Task brief
Reproduce all the entries beneath this sentence exactly.

Working data
- - - -
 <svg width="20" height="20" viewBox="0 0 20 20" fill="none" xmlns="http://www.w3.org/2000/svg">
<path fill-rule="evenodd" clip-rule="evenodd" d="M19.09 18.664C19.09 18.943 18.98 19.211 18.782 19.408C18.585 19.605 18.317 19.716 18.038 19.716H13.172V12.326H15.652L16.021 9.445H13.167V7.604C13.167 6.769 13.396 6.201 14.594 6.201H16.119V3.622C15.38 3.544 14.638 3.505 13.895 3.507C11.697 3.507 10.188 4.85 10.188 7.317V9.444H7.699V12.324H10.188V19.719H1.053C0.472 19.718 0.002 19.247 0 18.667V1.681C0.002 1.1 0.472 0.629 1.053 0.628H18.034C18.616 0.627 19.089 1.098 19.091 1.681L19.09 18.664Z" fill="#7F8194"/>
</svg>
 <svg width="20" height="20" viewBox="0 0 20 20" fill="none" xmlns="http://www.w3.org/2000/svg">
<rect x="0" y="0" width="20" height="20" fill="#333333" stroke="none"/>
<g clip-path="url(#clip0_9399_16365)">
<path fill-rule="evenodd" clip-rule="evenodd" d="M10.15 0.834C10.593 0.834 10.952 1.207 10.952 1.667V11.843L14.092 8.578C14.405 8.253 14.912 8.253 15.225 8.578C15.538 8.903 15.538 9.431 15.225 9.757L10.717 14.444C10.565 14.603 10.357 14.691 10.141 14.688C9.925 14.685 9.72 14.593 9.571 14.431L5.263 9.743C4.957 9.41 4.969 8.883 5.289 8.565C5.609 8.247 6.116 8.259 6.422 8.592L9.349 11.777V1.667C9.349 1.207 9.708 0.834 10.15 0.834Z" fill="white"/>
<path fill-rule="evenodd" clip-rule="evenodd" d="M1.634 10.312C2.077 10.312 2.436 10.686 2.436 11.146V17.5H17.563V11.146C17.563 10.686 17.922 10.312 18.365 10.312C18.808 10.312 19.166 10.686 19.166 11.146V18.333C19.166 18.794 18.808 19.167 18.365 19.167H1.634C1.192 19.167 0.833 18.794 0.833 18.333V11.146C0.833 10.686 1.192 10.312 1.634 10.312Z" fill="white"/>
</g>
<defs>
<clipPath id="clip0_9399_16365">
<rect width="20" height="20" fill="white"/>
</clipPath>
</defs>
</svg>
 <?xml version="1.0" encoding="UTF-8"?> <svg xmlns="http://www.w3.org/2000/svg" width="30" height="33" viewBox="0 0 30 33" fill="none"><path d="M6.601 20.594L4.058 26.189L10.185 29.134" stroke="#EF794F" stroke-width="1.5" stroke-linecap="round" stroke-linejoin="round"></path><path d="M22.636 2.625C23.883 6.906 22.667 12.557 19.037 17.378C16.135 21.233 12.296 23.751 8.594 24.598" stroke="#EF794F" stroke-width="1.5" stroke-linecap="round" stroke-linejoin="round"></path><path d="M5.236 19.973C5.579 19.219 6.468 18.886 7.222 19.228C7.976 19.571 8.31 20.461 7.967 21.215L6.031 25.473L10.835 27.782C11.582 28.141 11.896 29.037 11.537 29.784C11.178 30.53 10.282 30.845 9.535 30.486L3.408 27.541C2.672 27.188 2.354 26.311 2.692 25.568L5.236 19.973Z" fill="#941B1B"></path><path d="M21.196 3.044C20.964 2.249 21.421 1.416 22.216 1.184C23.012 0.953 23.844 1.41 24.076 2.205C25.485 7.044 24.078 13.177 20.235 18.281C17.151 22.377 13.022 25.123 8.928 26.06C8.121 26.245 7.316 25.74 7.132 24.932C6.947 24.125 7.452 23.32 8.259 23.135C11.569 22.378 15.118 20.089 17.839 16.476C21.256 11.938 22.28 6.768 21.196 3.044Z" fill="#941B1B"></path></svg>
- - - -
Response
 <svg width="20" height="20" viewBox="0 0 20 20" fill="none" xmlns="http://www.w3.org/2000/svg">
<path fill-rule="evenodd" clip-rule="evenodd" d="M19.09 18.664C19.09 18.943 18.98 19.211 18.782 19.408C18.585 19.605 18.317 19.716 18.038 19.716H13.172V12.326H15.652L16.021 9.445H13.167V7.604C13.167 6.769 13.396 6.201 14.594 6.201H16.119V3.622C15.38 3.544 14.638 3.505 13.895 3.507C11.697 3.507 10.188 4.85 10.188 7.317V9.444H7.699V12.324H10.188V19.719H1.053C0.472 19.718 0.002 19.247 0 18.667V1.681C0.002 1.1 0.472 0.629 1.053 0.628H18.034C18.616 0.627 19.089 1.098 19.091 1.681L19.09 18.664Z" fill="#7F8194"/>
</svg>
 <svg width="20" height="20" viewBox="0 0 20 20" fill="none" xmlns="http://www.w3.org/2000/svg">
<rect x="0" y="0" width="20" height="20" fill="#333333" stroke="none"/>
<g clip-path="url(#clip0_9399_16365)">
<path fill-rule="evenodd" clip-rule="evenodd" d="M10.15 0.834C10.593 0.834 10.952 1.207 10.952 1.667V11.843L14.092 8.578C14.405 8.253 14.912 8.253 15.225 8.578C15.538 8.903 15.538 9.431 15.225 9.757L10.717 14.444C10.565 14.603 10.357 14.691 10.141 14.688C9.925 14.685 9.72 14.593 9.571 14.431L5.263 9.743C4.957 9.41 4.969 8.883 5.289 8.565C5.609 8.247 6.116 8.259 6.422 8.592L9.349 11.777V1.667C9.349 1.207 9.708 0.834 10.15 0.834Z" fill="white"/>
<path fill-rule="evenodd" clip-rule="evenodd" d="M1.634 10.312C2.077 10.312 2.436 10.686 2.436 11.146V17.5H17.563V11.146C17.563 10.686 17.922 10.312 18.365 10.312C18.808 10.312 19.166 10.686 19.166 11.146V18.333C19.166 18.794 18.808 19.167 18.365 19.167H1.634C1.192 19.167 0.833 18.794 0.833 18.333V11.146C0.833 10.686 1.192 10.312 1.634 10.312Z" fill="white"/>
</g>
<defs>
<clipPath id="clip0_9399_16365">
<rect width="20" height="20" fill="white"/>
</clipPath>
</defs>
</svg>
 <?xml version="1.0" encoding="UTF-8"?> <svg xmlns="http://www.w3.org/2000/svg" width="30" height="33" viewBox="0 0 30 33" fill="none"><path d="M6.601 20.594L4.058 26.189L10.185 29.134" stroke="#EF794F" stroke-width="1.5" stroke-linecap="round" stroke-linejoin="round"></path><path d="M22.636 2.625C23.883 6.906 22.667 12.557 19.037 17.378C16.135 21.233 12.296 23.751 8.594 24.598" stroke="#EF794F" stroke-width="1.5" stroke-linecap="round" stroke-linejoin="round"></path><path d="M5.236 19.973C5.579 19.219 6.468 18.886 7.222 19.228C7.976 19.571 8.31 20.461 7.967 21.215L6.031 25.473L10.835 27.782C11.582 28.141 11.896 29.037 11.537 29.784C11.178 30.53 10.282 30.845 9.535 30.486L3.408 27.541C2.672 27.188 2.354 26.311 2.692 25.568L5.236 19.973Z" fill="#941B1B"></path><path d="M21.196 3.044C20.964 2.249 21.421 1.416 22.216 1.184C23.012 0.953 23.844 1.41 24.076 2.205C25.485 7.044 24.078 13.177 20.235 18.281C17.151 22.377 13.022 25.123 8.928 26.06C8.121 26.245 7.316 25.74 7.132 24.932C6.947 24.125 7.452 23.32 8.259 23.135C11.569 22.378 15.118 20.089 17.839 16.476C21.256 11.938 22.28 6.768 21.196 3.044Z" fill="#941B1B"></path></svg>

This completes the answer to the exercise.